This business contributed about 3.4% to the Companys corporate turnover. The revenues crossed 1,310 million a growth of 28.7% YoY. The Company spent 104 million on Capex during the year under review.

iii) Opportunity & Outlook

Many State Governments are evincing keen on promoting tissue culture. The Company is planning to focus on untapped segment of the markets which contains big scope for the Company to grow further. The monsoon was very good this year and this has helped to boost the demand for the plantlets.

iv) Risks & Challenges

Some of the challenges faced by the industry are short shelf life and stringent quality requirements. However, there is need for proper management of operations by selected alternatives for costly inputs and thrust on developing indigenous varieties with enhanced traits, resulting in improvement of sustainability.

[B] Plastic Products

The segment business includes the varied business lines like PVC Pipe, PE pipes and PVC Sheets for industrial applications. Revenue from domestic business of our Plastic division has increased by 10% in FY 2017 to 15,110 million from 13,731 million in FY 2016. The revenue from export of Plastic products has decreased by 34.4% in FY 2017 to 1,285 million from 1,960 million in FY 2016. The capacity addition during FY 2017 was 13,280 MTpa at a cost of 307 million.

a) PVC Piping

i) Indian Industry Scenario

According to experts, the Indian plastic pipes industry has crossed the worth of 220 billion and has been growing in the range of 10-12% CAGR over the last five

years. The growth has been led by increasing usage of PVC/CPVC pipes in construction activities, a shift from the conventional galvanized iron pipes to plastic pipes, replacement demand, irrigation, and real estate growth in Tier 2 and 3 cities.

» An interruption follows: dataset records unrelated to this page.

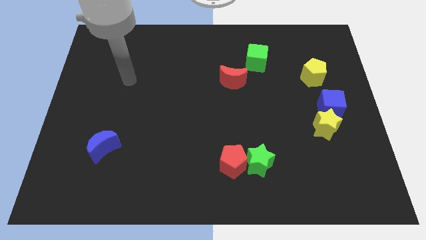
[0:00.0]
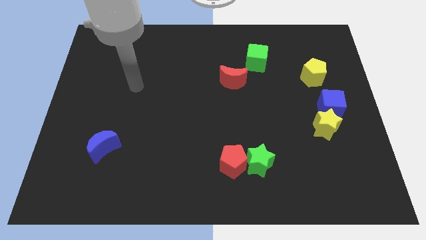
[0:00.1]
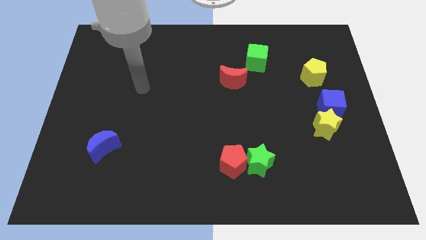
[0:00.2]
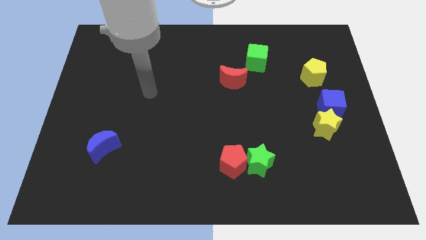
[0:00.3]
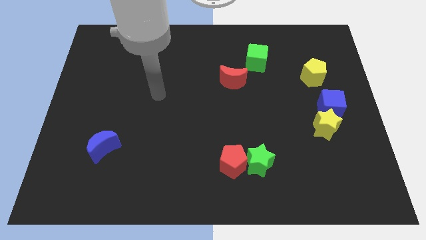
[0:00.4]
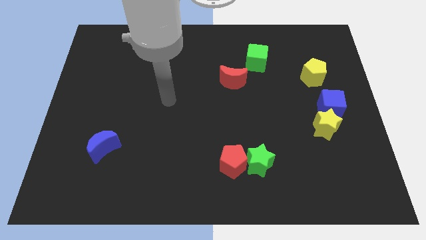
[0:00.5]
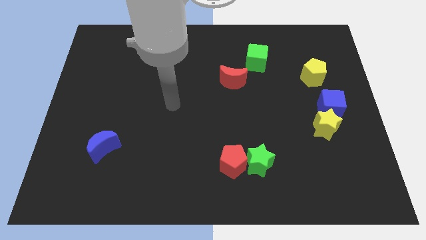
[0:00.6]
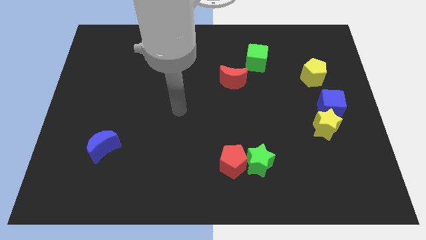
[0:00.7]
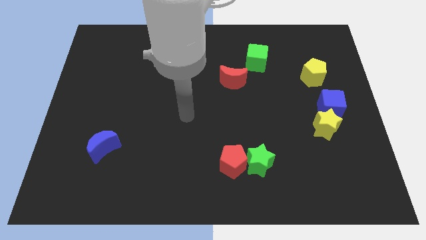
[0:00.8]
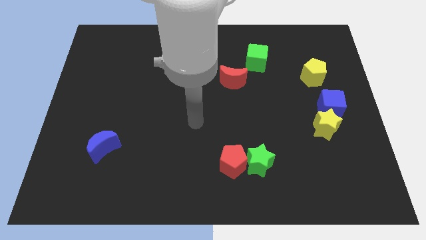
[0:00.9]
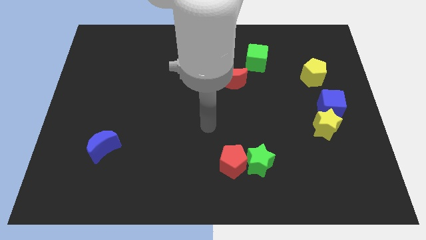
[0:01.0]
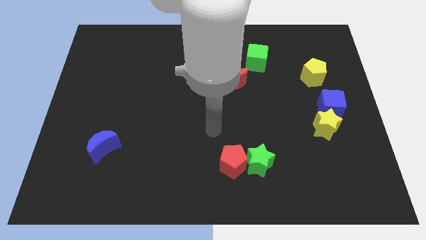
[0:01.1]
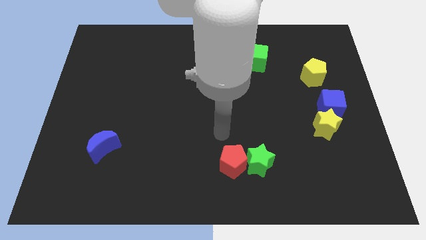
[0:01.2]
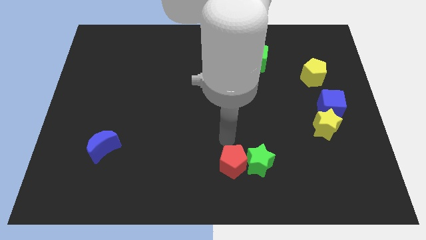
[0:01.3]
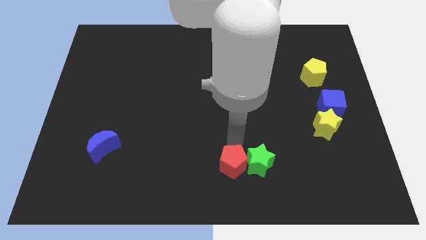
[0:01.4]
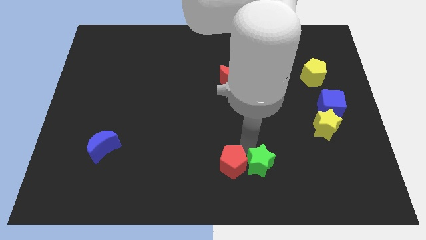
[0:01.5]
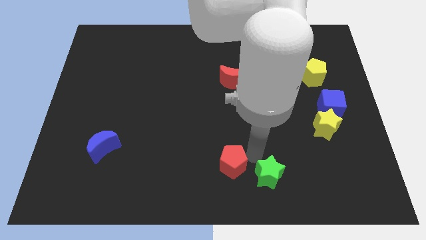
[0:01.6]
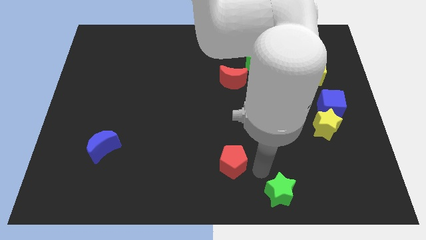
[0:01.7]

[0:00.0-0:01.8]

It is expected that growth will accelerate to 12-15% CAGR over the next five years given the Government of Indias emphasis on housing, sanitation, and irrigation. 70% of the demand arises from residential use of plastic pipes, and 30% of the plastic pipe demand comes from commercial use. Notable trends include new products such as low noise pipes, septic tanks and column pipes.

ii) Performance

During FY 2017, this business contributed about 21.4% to the Companys turnover. The revenues remained marginally low at 8,267 million as compared to the last years level of 8,402 million.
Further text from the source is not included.